%%
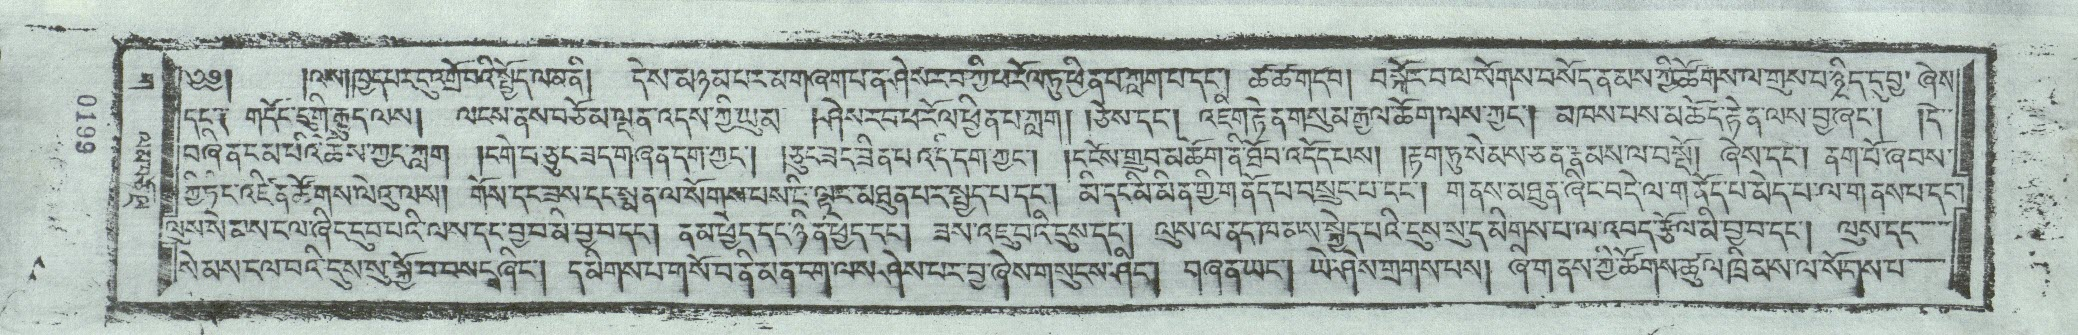༄༅། །ལས། ཁྱད་པར་དུ་འགྲོ་བའི་སྤྱོད་ལམ་ནི། དེས་མཉམ་པར་མ་གཞག་པ་ན་ཤེས་རབ་ཀྱི་ཕ་རོལ་ཏུ་ཕྱིན་པ་ཀླག་པ་དང་། ཚ་ཚ་གདབ། བསྐོར་བ་ལ་སོགས་བསོད་ནམས་ཀྱི་ཚོགས་ལ་གུས་པ་ཉིད་དུ་བྱ། ཞེས་
དང༑ གདོང་དྲུག་གི་རྒྱུད་ལས། ལངས་ནས་བཅོམ་ལྡན་འདས་ཀྱི་ཡུམ་།ཤེས་རབ་ཕ་རོལ་ཕྱིན་པ་ཀླག། །ཅེས་དང་། འཇིག་རྟེན་གསུམ་རྒྱལ་ཆོག་ལས་ཀྱང་། མཁས་པས་མཆོད་རྟེན་ལས་བྱ་ཞིང་། །དེ་
བཞིན་དམ་པའི་ཆོས་ཀྱང་ཀླག །དགེ་བ་ཅུང་ཟད་གཞན་དག་ཀྱང་། །ཅུང་ཟད་ཟིན་པ་འདི་དག་ཀྱང་། །དངོས་གྲུབ་མཆོག་ནི་ཐོབ་འདོད་པས། །རྟག་ཏུ་སེམས་ཅན་རྣམས་ལ་བསྔོ། ཞེས་དང་། ནག་པོ་ཞབས་
ཀྱི་ཏིང་འཛིན་ཚོགས་ལེའུ་ལས། གོས་དང་ཟས་དང་སྨན་ལ་སོགས་པས་ཇི་ལྟར་མཐུན་པར་སྤྱད་པ་དང་། མི་དང་མི་མིན་གྱི་གནོད་པ་བསྲུང་པ་དང་། གནས་མཐུན་ཞིང་བདེ་ལ་གནོད་པ་མེད་པ་ལ་གནས་པ་དང་།
ལུས་སེམས་ངལ་ཞིང་དུ་བ་པའི་ལས་དང་བྱ་བ་མི་བྱ་བ་དང་། ནམ་ཕྱེད་དང་ཉིན་ཕྱེད་དང་། ཟས་འཇུ་བའི་དུས་དང་། ལུས་ལ་ནང་ཁམས་སྐྱེད་པའི་དུས་སུ་དམིགས་པ་ལ་འབད་རྩོལ་མི་བྱ་བ་དང་། ལུས་དང་
སེམས་ངལ་བའི་དུས་སུ་སྐྱོ་བ་བསངས་ཞིང་། དམིགས་པ་གསོ་བ་ནི་མན་ངག་ལས་ཤེས་པར་བྱ་ཞེས་གསུངས་ཤིང་། གཞན་ཡང་། ཡེ་ཤེས་གྲགས་པས། ཞི་གནས་ཀྱི་ཚོགས་ཚུལ་ཁྲིམས་ལ་སོགས་པ་
%%
__Task objective__:
Write the material out again exactly. Do not include the pictures.

__Answer box__:
༄༅། །ལས། ཁྱད་པར་དུ་འགྲོ་བའི་སྤྱོད་ལམ་ནི། དེས་མཉམ་པར་མ་གཞག་པ་ན་ཤེས་རབ་ཀྱི་ཕ་རོལ་ཏུ་ཕྱིན་པ་ཀླག་པ་དང་། ཚ་ཚ་གདབ། བསྐོར་བ་ལ་སོགས་བསོད་ནམས་ཀྱི་ཚོགས་ལ་གུས་པ་ཉིད་དུ་བྱ། ཞེས་
དང༑ གདོང་དྲུག་གི་རྒྱུད་ལས། ལངས་ནས་བཅོམ་ལྡན་འདས་ཀྱི་ཡུམ་།ཤེས་རབ་ཕ་རོལ་ཕྱིན་པ་ཀླག། །ཅེས་དང་། འཇིག་རྟེན་གསུམ་རྒྱལ་ཆོག་ལས་ཀྱང་། མཁས་པས་མཆོད་རྟེན་ལས་བྱ་ཞིང་། །དེ་
བཞིན་དམ་པའི་ཆོས་ཀྱང་ཀླག །དགེ་བ་ཅུང་ཟད་གཞན་དག་ཀྱང་། །ཅུང་ཟད་ཟིན་པ་འདི་དག་ཀྱང་། །དངོས་གྲུབ་མཆོག་ནི་ཐོབ་འདོད་པས། །རྟག་ཏུ་སེམས་ཅན་རྣམས་ལ་བསྔོ། ཞེས་དང་། ནག་པོ་ཞབས་
ཀྱི་ཏིང་འཛིན་ཚོགས་ལེའུ་ལས། གོས་དང་ཟས་དང་སྨན་ལ་སོགས་པས་ཇི་ལྟར་མཐུན་པར་སྤྱད་པ་དང་། མི་དང་མི་མིན་གྱི་གནོད་པ་བསྲུང་པ་དང་། གནས་མཐུན་ཞིང་བདེ་ལ་གནོད་པ་མེད་པ་ལ་གནས་པ་དང་།
ལུས་སེམས་ངལ་ཞིང་དུ་བ་པའི་ལས་དང་བྱ་བ་མི་བྱ་བ་དང་། ནམ་ཕྱེད་དང་ཉིན་ཕྱེད་དང་། ཟས་འཇུ་བའི་དུས་དང་། ལུས་ལ་ནང་ཁམས་སྐྱེད་པའི་དུས་སུ་དམིགས་པ་ལ་འབད་རྩོལ་མི་བྱ་བ་དང་། ལུས་དང་
སེམས་ངལ་བའི་དུས་སུ་སྐྱོ་བ་བསངས་ཞིང་། དམིགས་པ་གསོ་བ་ནི་མན་ངག་ལས་ཤེས་པར་བྱ་ཞེས་གསུངས་ཤིང་། གཞན་ཡང་། ཡེ་ཤེས་གྲགས་པས། ཞི་གནས་ཀྱི་ཚོགས་ཚུལ་ཁྲིམས་ལ་སོགས་པ་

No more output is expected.